Klover symbols have a height of 4 bits, and variable width. Klovers, like lucky 4-leaf clovers, celebrate groups of 4. This is where the core of the name comes from.

Klover symbols use heuristics inspired by Square Kufic calligraphy to generate aesthetically pleasing symbols that are well balanced between black and white tiles. This is where Klover gets the "K".

There are many ways to generate 1-bit tilemaps that are "technically correct" Kufic. The heart of this algorithm is a finite state machine. A Klover symbol is produced one column at a time (called rows in the code sorry for the confusion). An initial column is chosen, and then the FSM is used to randomly choose which state to go to from a set of valid states. Since Klovers are 4 tiles high, they can be represented as a 4-bit number.
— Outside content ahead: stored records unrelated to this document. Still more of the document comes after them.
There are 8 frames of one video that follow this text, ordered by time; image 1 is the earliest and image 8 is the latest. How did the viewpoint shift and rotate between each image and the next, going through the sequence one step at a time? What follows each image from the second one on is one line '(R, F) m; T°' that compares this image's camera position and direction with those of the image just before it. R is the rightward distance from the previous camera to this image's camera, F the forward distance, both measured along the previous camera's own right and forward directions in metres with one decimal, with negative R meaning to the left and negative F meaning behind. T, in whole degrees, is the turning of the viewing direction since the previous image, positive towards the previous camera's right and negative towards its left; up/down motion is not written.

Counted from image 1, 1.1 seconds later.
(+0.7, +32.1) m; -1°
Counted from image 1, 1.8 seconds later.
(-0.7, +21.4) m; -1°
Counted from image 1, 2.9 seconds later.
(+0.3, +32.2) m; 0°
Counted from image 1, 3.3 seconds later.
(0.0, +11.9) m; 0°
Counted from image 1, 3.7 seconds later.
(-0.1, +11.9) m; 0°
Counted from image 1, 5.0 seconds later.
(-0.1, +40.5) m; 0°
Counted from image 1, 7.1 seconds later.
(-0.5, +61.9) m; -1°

The 4-bit FSM lookup table is dynamically generated from a 2-bit FSM.

Precursor found in the file scratch/kufbit4fsm.lua.
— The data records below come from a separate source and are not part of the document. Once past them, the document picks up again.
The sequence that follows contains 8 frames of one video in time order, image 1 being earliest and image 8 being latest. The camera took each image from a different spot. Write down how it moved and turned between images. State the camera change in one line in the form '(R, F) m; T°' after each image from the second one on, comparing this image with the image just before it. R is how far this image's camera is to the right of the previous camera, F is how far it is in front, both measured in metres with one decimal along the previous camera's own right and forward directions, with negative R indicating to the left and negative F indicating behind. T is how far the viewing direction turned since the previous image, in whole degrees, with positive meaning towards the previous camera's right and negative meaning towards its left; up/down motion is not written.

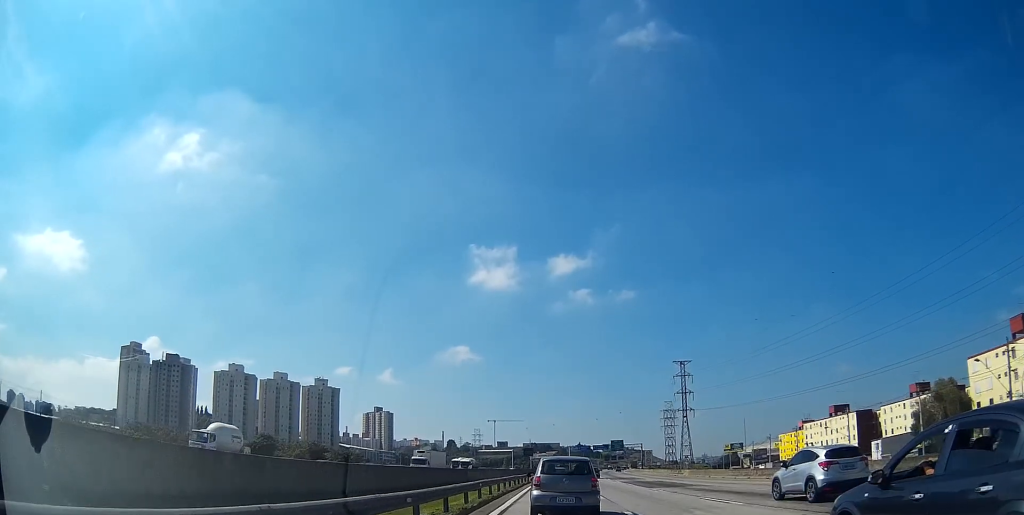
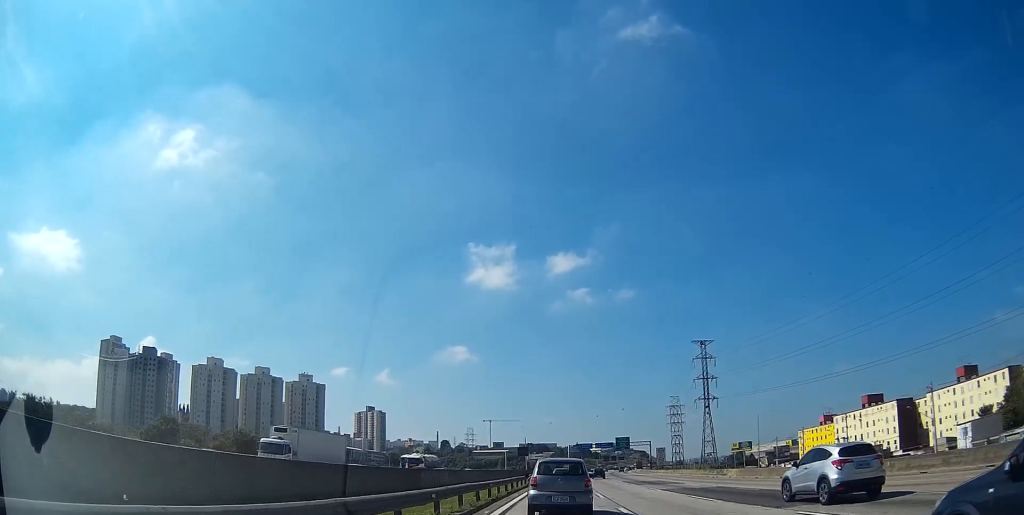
(0.0, +21.6) m; 0°
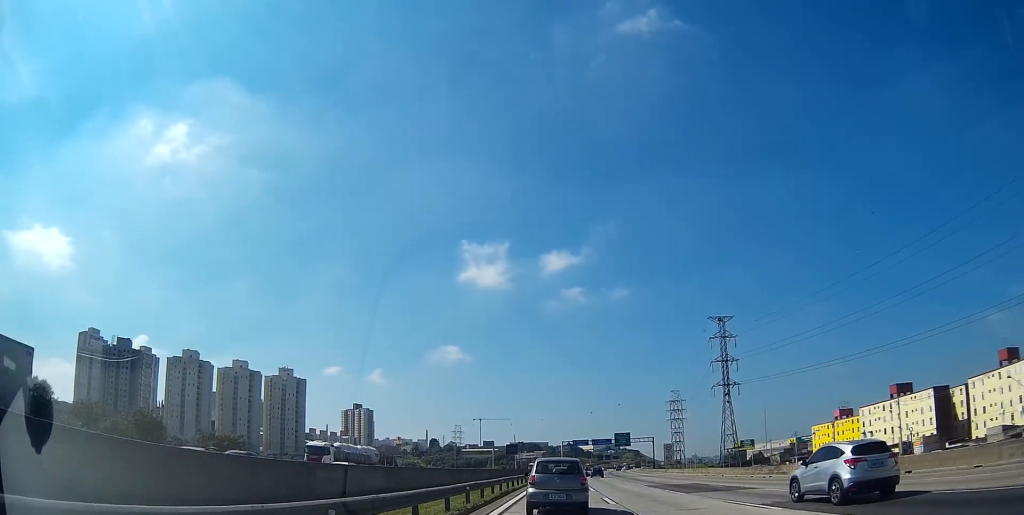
(+0.1, +18.1) m; 0°
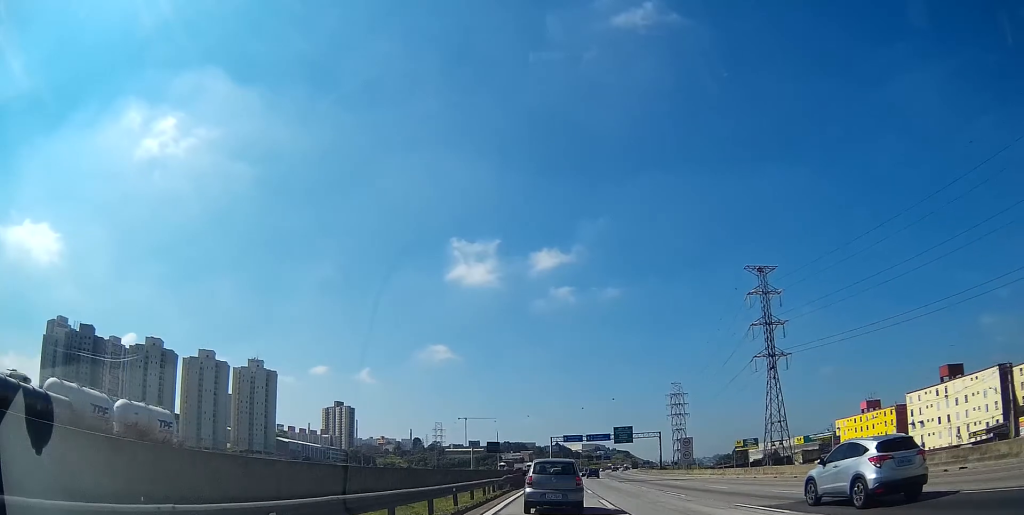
(+0.1, +25.2) m; +1°
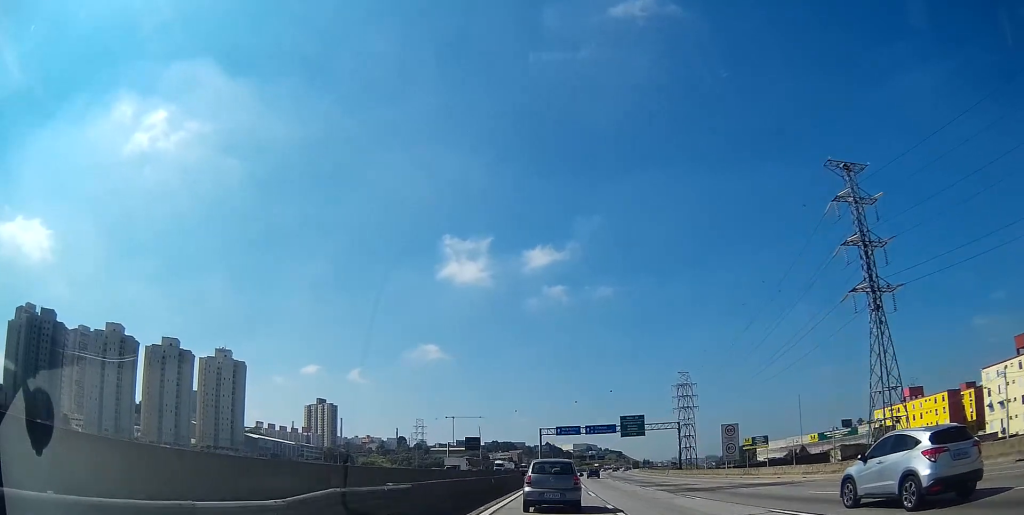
(+0.4, +26.9) m; +1°
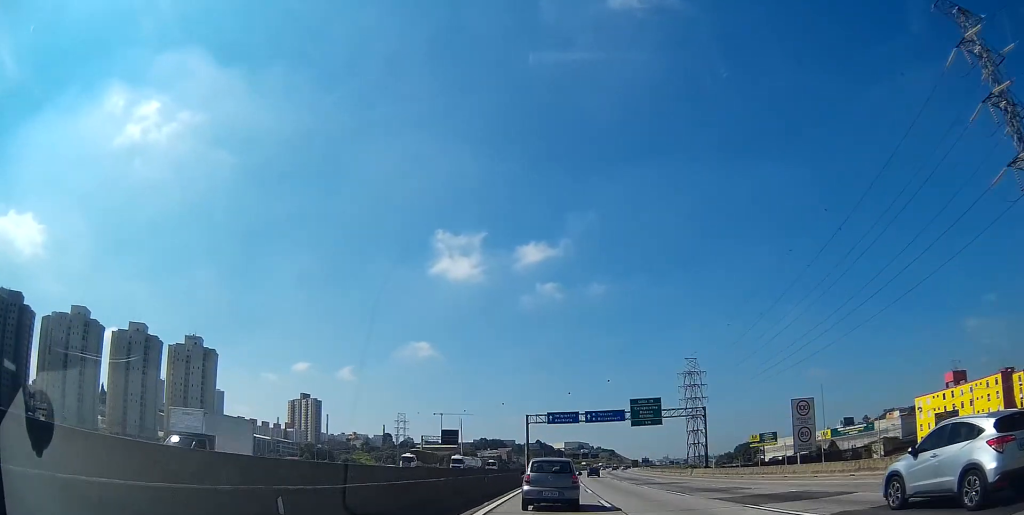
(+0.1, +21.9) m; +1°
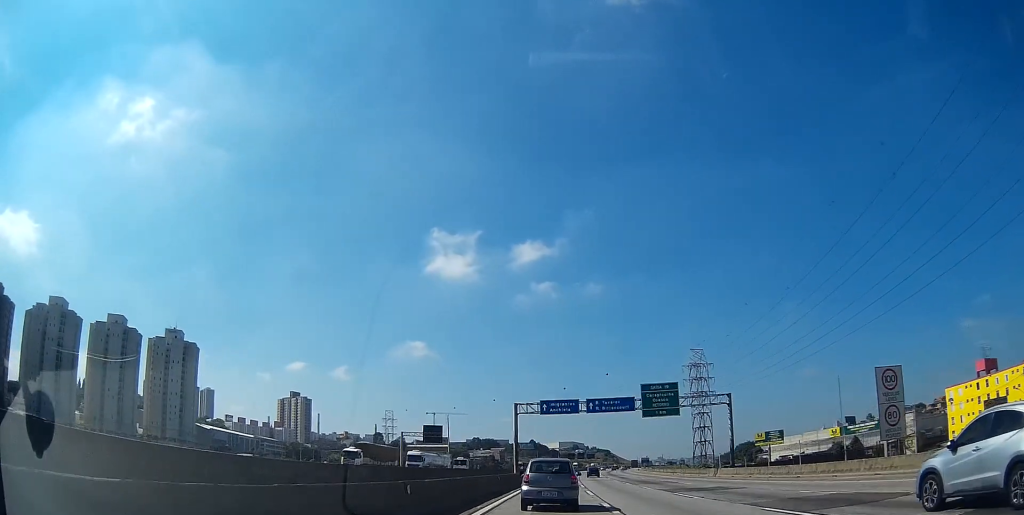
(+0.2, +13.5) m; +1°
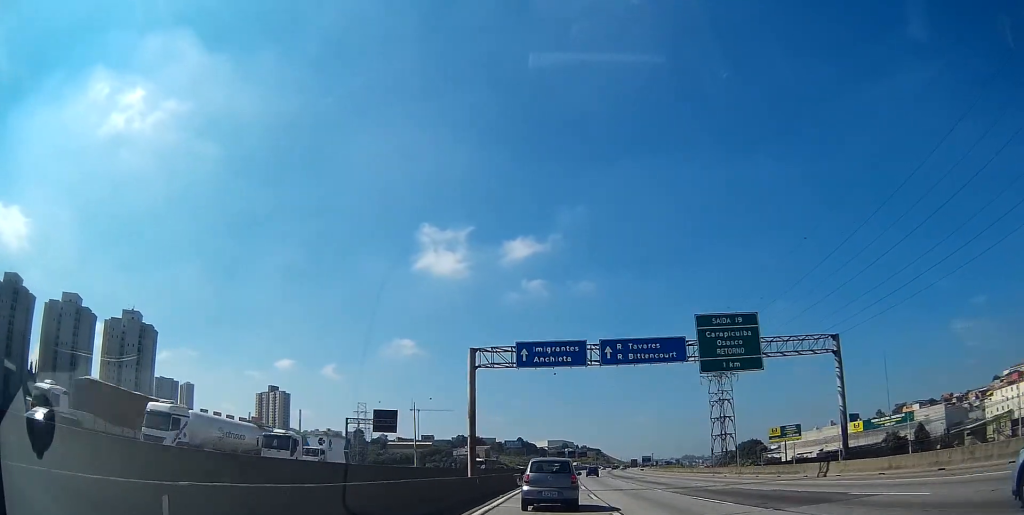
(+0.1, +27.8) m; +1°

2. Tangled File (klover.lua)

Klover = {}

<<fsm_2bit_kufic>>
<<operations>>
<<fsm_4bit_kufic>>
<<generate_symbol>>
<<proofsheet>>

return Klover

3. Generate Finite State machine for 2-bit rows

-- 2 bit kufic fsm
-- 00 -> 01, 10, 11
-- 01 -> 00, 01, 11
-- 10 -> 00, 10, 11
-- 11 -> 00, 01, 10

kuf2 = {}
kuf2[0] = {1, 2, 3}
kuf2[1] = {0, 1, 3}
kuf2[2] = {0, 2, 3}
kuf2[3] = {0, 1, 2}

4. Operations

Low level operations used to manipulate rows.

4.1. split4

Splits a 4-bit row into 2 2-bit components x,y

function split4(row)
    local x = (row >> 2) & 3
    local y = row & 3
    return x, y
end

4.2. xy2row

base 4 xy pair to row

function xy2row(x, y)
    x = x & 3;
    y = y & 3;
    return x << 2 | y
end

4.3. inner2

get inner 2-bit shape in a 4-bit row.

AKA bits 'bc' in row 'abcb'

function inner2(row)
    return (row >> 1) & 3
end

4.4. belongs

check: does a value x belong to set 's'?

function belongs(x, s)
    for _, v in pairs(s) do
        if x == v then return true end
    end
    return false
end

4.5. pstates

Calculate possible states for a given 4-bit row.

function pstates(row)
    local ir = inner2(row)
    local x, y = split4(row)
    -- local m = kuf2[x]
    -- local n = kuf2[y]
    local s = {}
    for _,m in pairs(kuf2[x]) do
        for _, n in pairs(kuf2[y]) do
            local mn = xy2row(m, n)
            if belongs(inner2(mn), kuf2[ir]) then
                table.insert(s, mn)
            end
        end
    end

    return s
end

4.6. row2str

stringify a row, for (terminal) printing purposes

function row2str(row)
    local str = ""
    for i=1,4 do
        local x = "-"
        if (row & (1 << (4 - i))) > 0 then x = "#" end
        str = str .. x
    end

    return str
end

5. Generate Finite State Machine for 4-bit rows

The FSM structure for 4-bit columns are dynamically generated by breaking each column into 2 2-bit columns, and using the hard-coded 2-bit FSM lookup table to calculate the possible states.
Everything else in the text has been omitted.